§ **INFORMATION PROVIDED**
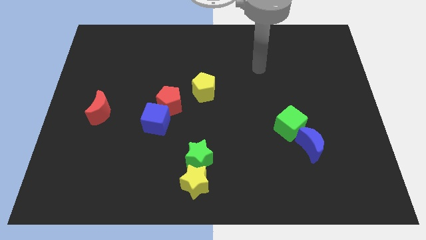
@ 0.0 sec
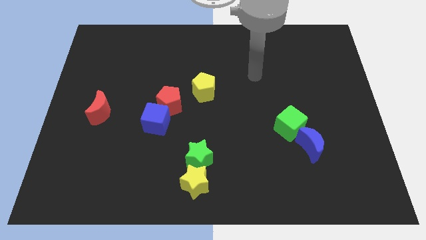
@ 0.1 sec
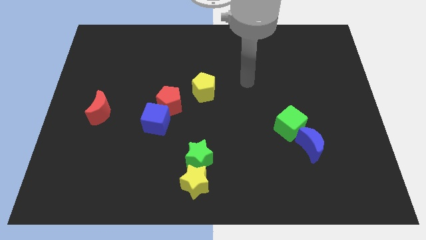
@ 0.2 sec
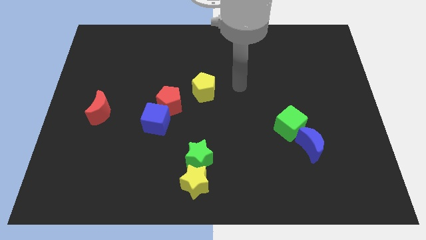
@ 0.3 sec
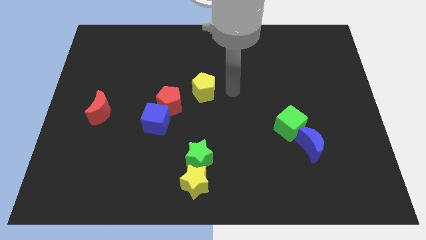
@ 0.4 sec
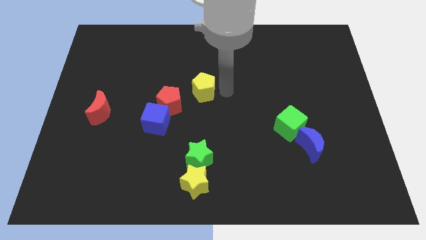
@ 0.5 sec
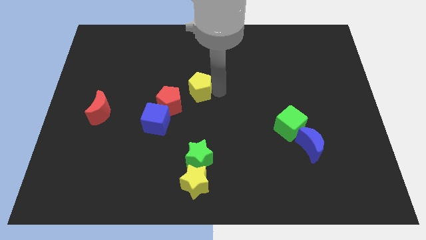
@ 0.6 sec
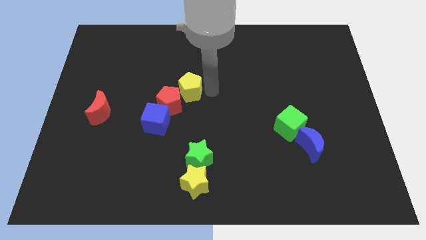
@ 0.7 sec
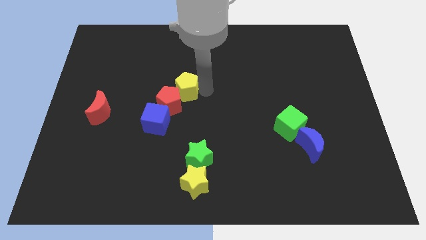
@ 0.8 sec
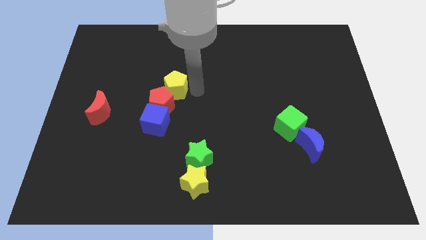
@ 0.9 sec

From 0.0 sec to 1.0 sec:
slightly push the yellow pentagon left

§ **TASK TO COMPLETE**
If the material above contains pictures, exclude them from an otherwise exact transcription.

§ **RESPONSE**
@ 0.0 sec
@ 0.1 sec
@ 0.2 sec
@ 0.3 sec
@ 0.4 sec
@ 0.5 sec
@ 0.6 sec
@ 0.7 sec
@ 0.8 sec
@ 0.9 sec

From 0.0 sec to 1.0 sec:
slightly push the yellow pentagon left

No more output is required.